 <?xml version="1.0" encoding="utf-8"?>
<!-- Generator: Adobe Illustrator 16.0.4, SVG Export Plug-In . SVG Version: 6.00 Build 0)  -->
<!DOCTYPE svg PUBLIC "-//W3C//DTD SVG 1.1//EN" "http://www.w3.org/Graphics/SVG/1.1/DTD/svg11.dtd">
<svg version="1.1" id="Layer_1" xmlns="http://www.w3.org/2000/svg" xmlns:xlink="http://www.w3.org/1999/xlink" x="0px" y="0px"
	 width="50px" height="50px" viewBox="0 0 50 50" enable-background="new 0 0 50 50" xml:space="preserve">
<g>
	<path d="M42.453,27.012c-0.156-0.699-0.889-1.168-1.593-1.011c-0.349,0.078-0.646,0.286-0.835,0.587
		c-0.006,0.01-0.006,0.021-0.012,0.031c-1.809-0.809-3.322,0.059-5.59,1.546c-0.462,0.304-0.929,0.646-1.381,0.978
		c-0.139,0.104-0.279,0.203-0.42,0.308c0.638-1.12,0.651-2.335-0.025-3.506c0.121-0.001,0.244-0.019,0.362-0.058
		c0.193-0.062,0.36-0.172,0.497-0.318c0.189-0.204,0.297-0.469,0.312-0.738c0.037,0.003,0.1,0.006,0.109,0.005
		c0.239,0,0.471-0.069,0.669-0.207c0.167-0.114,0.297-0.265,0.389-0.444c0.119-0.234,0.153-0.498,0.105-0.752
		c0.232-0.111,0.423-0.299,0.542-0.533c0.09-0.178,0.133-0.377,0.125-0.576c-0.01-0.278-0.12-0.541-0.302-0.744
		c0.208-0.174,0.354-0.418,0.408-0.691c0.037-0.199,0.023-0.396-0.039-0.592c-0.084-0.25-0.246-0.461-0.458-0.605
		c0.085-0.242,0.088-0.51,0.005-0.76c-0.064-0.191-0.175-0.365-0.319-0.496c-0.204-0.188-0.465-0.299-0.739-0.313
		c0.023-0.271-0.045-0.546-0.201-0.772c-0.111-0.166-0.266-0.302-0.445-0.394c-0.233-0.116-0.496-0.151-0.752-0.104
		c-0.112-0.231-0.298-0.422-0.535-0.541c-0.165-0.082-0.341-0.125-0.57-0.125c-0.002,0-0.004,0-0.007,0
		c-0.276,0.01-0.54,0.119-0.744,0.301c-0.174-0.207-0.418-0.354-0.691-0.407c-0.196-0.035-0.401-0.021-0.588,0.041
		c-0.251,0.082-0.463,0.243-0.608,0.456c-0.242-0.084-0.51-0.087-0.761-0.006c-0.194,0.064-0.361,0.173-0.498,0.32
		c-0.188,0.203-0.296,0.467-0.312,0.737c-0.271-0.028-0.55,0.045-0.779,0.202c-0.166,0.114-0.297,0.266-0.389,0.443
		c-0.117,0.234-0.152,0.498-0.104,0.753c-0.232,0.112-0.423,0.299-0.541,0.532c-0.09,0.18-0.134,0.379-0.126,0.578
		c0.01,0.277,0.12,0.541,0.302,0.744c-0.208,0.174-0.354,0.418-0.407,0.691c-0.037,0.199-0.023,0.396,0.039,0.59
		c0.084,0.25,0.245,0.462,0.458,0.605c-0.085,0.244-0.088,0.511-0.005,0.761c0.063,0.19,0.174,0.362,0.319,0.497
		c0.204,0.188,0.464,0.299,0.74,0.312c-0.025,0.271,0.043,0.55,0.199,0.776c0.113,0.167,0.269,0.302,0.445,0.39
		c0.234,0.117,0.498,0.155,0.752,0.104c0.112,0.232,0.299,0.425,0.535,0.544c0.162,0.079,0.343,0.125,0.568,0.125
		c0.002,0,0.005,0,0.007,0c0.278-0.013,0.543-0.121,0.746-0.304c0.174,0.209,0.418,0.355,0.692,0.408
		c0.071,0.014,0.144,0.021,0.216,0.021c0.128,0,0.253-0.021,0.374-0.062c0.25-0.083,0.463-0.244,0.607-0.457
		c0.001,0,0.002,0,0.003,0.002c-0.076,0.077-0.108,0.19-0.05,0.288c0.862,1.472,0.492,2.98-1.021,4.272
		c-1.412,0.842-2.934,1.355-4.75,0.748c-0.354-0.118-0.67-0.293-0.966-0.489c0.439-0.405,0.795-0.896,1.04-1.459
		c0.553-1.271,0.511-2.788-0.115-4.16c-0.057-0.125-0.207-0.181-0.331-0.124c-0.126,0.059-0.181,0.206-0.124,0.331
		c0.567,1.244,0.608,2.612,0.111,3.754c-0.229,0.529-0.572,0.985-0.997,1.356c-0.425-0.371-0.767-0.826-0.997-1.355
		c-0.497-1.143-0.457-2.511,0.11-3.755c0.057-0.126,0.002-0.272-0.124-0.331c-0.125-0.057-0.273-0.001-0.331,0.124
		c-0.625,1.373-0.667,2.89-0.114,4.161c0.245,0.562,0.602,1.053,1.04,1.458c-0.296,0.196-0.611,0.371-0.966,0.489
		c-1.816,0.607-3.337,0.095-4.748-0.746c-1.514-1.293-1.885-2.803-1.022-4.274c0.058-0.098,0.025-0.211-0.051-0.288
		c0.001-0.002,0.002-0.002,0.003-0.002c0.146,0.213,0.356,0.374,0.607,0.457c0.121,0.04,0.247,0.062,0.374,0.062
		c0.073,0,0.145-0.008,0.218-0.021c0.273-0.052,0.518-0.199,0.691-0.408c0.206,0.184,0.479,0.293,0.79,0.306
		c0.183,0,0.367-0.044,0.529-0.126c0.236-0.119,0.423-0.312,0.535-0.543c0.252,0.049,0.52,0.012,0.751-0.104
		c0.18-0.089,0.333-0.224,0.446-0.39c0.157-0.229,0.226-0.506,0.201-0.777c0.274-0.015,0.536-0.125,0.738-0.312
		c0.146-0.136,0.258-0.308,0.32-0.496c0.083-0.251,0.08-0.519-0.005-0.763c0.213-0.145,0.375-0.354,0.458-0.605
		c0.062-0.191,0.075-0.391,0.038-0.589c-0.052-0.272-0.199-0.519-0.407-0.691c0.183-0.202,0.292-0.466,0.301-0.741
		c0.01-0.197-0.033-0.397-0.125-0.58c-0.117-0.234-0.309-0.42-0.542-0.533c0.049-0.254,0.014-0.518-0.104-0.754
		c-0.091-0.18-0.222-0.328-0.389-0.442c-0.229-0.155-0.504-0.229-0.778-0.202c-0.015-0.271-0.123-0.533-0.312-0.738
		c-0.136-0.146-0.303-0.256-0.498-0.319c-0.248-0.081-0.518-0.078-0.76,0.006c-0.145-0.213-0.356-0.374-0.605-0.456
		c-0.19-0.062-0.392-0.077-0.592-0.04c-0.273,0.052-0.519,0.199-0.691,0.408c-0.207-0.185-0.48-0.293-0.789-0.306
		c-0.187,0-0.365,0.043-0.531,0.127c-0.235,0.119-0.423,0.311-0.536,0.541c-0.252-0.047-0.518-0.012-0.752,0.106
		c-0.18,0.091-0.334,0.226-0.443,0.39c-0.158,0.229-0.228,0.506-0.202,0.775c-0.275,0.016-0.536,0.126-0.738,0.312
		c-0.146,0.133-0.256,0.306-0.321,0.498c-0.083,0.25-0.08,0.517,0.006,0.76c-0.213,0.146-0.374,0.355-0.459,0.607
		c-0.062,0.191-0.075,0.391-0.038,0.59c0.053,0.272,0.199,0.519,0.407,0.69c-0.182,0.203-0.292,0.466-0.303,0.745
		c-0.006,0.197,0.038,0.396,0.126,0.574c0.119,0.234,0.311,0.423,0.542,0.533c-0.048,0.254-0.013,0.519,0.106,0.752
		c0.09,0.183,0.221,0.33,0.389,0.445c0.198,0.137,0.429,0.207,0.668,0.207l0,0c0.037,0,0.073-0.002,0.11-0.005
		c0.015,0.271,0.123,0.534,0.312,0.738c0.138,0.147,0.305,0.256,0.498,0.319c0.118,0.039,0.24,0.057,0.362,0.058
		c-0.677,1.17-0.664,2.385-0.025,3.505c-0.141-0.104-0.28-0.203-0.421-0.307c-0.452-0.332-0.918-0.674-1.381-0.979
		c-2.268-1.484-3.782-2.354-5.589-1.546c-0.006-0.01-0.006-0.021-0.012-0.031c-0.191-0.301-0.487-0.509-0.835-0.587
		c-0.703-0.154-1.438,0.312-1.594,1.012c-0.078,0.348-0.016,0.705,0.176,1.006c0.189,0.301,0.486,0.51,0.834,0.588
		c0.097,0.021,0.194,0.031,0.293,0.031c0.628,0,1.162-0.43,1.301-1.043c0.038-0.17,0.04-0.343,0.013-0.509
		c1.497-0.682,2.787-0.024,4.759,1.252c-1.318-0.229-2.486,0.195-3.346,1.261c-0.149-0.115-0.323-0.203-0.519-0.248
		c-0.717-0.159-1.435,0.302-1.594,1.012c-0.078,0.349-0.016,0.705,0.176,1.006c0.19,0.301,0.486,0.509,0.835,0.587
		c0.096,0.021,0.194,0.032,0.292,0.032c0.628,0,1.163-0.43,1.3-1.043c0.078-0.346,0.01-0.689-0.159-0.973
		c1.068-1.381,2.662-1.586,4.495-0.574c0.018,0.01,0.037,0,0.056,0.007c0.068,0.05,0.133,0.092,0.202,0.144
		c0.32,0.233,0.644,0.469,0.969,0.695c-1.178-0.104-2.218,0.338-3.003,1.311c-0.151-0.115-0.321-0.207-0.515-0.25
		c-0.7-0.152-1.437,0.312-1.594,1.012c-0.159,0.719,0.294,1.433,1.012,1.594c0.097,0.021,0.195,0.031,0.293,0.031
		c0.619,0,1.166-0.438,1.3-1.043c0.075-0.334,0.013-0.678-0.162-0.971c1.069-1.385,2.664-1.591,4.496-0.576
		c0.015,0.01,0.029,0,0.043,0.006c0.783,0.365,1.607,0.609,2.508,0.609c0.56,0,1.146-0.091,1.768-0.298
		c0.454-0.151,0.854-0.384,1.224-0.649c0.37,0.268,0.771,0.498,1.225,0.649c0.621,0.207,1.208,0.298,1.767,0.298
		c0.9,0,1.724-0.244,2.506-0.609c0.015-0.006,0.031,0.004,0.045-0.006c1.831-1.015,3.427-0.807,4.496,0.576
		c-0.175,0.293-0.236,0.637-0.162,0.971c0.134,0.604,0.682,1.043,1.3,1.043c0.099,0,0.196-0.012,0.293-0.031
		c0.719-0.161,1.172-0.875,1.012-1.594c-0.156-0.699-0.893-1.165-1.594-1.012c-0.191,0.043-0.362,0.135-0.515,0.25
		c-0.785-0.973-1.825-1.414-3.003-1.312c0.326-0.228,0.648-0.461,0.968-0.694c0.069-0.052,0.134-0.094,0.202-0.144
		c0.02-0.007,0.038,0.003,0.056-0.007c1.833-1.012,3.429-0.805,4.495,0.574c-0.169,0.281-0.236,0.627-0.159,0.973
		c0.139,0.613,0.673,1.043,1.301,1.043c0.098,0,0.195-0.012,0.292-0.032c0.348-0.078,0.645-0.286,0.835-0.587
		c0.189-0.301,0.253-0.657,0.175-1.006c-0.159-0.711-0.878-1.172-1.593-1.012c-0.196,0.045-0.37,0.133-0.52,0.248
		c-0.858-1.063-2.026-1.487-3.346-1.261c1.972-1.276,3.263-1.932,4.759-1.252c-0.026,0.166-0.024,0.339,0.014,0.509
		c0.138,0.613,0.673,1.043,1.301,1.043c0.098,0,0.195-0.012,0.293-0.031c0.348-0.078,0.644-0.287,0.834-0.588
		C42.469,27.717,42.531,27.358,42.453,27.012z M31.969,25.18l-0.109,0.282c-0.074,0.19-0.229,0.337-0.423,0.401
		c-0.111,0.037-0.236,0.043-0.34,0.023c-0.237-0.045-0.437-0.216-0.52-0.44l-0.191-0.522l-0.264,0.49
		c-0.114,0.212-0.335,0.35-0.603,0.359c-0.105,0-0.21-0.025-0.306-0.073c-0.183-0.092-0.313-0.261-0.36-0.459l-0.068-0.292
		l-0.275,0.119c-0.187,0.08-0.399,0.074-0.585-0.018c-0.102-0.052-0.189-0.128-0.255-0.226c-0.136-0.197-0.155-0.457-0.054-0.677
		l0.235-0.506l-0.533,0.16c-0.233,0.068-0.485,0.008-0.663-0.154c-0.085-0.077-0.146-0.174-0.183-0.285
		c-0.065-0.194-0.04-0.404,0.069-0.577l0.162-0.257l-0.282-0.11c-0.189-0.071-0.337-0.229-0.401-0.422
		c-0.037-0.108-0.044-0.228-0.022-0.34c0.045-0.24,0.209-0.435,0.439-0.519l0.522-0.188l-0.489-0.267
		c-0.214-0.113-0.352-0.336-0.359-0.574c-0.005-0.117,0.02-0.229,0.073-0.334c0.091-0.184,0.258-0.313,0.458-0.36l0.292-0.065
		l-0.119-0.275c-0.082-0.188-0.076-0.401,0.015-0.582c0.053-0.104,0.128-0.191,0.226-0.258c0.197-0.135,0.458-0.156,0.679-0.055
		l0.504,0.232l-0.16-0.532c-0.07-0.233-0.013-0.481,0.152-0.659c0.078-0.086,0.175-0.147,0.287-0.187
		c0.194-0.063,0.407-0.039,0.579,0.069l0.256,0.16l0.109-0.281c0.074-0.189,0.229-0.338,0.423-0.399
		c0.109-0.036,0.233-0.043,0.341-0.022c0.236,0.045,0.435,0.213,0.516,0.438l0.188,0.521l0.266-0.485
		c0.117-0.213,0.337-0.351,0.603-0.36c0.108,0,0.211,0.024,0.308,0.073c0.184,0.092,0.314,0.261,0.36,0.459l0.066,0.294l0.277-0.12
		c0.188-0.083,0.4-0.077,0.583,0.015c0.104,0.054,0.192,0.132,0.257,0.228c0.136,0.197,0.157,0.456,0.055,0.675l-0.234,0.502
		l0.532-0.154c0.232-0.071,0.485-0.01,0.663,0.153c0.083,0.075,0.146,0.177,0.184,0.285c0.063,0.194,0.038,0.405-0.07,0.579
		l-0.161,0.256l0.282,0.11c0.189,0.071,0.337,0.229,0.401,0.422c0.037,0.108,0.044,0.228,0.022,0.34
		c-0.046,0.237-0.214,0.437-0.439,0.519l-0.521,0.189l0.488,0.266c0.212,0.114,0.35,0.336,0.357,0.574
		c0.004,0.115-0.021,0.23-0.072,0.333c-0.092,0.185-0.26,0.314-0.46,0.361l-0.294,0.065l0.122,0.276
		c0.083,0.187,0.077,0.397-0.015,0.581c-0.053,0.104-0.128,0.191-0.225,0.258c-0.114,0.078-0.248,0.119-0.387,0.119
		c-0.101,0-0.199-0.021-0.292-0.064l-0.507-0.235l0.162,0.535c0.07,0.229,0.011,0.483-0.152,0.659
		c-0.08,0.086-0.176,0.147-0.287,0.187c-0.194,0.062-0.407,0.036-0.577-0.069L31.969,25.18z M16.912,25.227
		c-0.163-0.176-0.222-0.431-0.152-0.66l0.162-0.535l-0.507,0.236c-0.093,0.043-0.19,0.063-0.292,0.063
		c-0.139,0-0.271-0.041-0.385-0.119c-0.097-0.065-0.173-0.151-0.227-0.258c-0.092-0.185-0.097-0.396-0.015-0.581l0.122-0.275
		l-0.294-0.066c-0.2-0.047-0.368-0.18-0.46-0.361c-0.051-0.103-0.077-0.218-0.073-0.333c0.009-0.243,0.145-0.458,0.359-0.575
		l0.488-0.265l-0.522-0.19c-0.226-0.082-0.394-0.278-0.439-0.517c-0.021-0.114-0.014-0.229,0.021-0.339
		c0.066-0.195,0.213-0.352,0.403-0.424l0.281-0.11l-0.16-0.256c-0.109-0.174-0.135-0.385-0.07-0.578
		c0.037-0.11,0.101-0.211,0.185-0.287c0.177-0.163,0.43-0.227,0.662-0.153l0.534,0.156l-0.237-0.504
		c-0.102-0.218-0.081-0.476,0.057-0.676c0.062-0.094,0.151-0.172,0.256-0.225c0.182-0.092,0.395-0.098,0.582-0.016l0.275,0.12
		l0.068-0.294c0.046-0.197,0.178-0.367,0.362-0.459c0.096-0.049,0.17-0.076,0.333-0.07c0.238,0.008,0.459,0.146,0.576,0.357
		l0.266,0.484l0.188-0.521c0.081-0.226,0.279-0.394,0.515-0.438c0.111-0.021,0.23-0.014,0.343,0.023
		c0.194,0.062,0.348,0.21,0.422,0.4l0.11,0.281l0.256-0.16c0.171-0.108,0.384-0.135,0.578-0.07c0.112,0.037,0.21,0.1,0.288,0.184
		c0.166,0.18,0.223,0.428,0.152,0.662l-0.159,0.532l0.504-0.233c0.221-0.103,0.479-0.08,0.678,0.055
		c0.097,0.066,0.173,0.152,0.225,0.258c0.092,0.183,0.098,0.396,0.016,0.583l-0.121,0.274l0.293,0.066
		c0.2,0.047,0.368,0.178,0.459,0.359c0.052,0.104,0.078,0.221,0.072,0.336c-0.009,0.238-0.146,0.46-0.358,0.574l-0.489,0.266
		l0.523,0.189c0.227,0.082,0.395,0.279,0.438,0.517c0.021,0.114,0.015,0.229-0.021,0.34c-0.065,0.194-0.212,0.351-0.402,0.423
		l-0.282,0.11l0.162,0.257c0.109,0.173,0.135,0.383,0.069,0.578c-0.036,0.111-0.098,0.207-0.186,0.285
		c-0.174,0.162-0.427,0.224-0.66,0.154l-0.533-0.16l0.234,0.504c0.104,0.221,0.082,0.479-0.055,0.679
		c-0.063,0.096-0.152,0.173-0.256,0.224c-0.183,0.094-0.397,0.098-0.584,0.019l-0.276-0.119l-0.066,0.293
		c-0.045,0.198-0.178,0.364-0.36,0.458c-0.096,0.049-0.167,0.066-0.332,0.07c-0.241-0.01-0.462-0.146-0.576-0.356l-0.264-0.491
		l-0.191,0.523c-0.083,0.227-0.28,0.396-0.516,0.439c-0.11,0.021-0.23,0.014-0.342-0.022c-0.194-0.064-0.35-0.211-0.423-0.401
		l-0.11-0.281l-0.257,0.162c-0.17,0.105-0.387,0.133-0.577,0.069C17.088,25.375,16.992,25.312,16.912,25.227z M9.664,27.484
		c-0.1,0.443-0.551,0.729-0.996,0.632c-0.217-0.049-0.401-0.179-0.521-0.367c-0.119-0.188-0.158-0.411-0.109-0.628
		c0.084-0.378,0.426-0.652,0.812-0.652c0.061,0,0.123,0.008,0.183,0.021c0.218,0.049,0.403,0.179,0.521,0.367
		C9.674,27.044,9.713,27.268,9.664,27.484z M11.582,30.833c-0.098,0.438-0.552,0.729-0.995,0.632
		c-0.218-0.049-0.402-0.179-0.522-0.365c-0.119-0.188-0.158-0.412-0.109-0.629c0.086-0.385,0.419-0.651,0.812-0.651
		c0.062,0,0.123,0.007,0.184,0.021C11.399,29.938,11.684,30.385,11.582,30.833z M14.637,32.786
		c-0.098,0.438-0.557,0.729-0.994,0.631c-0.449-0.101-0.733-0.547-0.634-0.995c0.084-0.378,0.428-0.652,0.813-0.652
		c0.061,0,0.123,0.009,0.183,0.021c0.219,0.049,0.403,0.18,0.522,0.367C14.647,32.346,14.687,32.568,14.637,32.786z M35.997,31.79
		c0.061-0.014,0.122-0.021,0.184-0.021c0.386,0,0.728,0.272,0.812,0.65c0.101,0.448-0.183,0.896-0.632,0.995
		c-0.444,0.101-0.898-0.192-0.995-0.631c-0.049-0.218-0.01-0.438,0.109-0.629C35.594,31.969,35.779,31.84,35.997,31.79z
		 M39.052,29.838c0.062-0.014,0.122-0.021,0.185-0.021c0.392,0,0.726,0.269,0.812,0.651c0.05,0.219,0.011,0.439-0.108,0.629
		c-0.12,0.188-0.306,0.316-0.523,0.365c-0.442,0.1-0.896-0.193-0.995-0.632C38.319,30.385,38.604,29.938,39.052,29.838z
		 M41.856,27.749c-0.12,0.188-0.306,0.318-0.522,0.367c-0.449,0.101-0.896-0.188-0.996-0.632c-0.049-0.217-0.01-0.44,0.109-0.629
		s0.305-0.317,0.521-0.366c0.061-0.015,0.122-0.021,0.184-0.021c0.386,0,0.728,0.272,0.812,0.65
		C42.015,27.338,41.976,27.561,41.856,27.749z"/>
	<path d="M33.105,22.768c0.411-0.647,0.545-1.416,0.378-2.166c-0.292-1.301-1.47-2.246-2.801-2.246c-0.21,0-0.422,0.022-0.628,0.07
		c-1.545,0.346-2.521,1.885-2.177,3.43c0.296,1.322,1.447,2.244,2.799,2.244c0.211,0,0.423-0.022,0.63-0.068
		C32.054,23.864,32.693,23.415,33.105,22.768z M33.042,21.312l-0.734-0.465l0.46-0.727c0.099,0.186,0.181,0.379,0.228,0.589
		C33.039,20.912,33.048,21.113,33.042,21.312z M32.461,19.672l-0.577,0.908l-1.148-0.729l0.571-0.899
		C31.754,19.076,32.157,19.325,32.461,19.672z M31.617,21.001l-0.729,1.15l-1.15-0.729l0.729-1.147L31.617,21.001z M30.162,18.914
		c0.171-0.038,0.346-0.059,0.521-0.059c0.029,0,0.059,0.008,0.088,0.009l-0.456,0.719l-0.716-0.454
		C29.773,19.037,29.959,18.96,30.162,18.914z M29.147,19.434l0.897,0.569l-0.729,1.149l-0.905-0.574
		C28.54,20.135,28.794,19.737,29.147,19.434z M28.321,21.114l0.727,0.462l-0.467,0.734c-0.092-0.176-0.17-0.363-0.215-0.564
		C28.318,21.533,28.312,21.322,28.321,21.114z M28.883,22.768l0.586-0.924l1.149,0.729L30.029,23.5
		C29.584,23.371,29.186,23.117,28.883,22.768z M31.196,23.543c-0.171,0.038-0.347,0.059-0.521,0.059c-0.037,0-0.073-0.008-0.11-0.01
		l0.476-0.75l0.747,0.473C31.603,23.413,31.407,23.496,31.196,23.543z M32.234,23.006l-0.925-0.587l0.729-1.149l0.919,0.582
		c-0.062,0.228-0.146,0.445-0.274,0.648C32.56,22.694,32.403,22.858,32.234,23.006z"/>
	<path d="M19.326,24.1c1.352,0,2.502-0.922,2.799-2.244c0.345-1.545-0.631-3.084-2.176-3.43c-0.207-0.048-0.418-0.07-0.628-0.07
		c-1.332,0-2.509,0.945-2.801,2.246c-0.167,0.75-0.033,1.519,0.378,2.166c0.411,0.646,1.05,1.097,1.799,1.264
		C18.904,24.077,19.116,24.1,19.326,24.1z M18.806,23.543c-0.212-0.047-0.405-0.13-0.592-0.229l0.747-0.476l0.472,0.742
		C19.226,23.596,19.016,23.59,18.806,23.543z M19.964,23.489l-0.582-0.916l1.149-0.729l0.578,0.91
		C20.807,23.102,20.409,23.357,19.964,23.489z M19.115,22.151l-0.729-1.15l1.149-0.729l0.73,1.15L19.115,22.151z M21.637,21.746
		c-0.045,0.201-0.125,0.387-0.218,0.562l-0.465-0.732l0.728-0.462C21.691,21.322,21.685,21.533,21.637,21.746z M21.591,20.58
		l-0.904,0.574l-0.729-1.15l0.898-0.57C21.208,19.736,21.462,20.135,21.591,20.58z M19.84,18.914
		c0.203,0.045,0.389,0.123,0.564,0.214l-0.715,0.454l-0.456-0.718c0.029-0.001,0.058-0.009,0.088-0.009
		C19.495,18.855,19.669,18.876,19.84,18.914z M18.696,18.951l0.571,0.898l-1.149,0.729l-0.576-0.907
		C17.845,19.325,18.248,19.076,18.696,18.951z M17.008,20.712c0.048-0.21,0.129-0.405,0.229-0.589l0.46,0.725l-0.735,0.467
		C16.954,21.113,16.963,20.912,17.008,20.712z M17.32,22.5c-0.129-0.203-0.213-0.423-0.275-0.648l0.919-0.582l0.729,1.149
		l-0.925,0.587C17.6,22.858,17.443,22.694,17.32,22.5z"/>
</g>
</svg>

____________

● **PROBLEM DETAILS**:
Your reply should be one number, the count of lines in the data that include the word "http".

● **ANSWER**:
2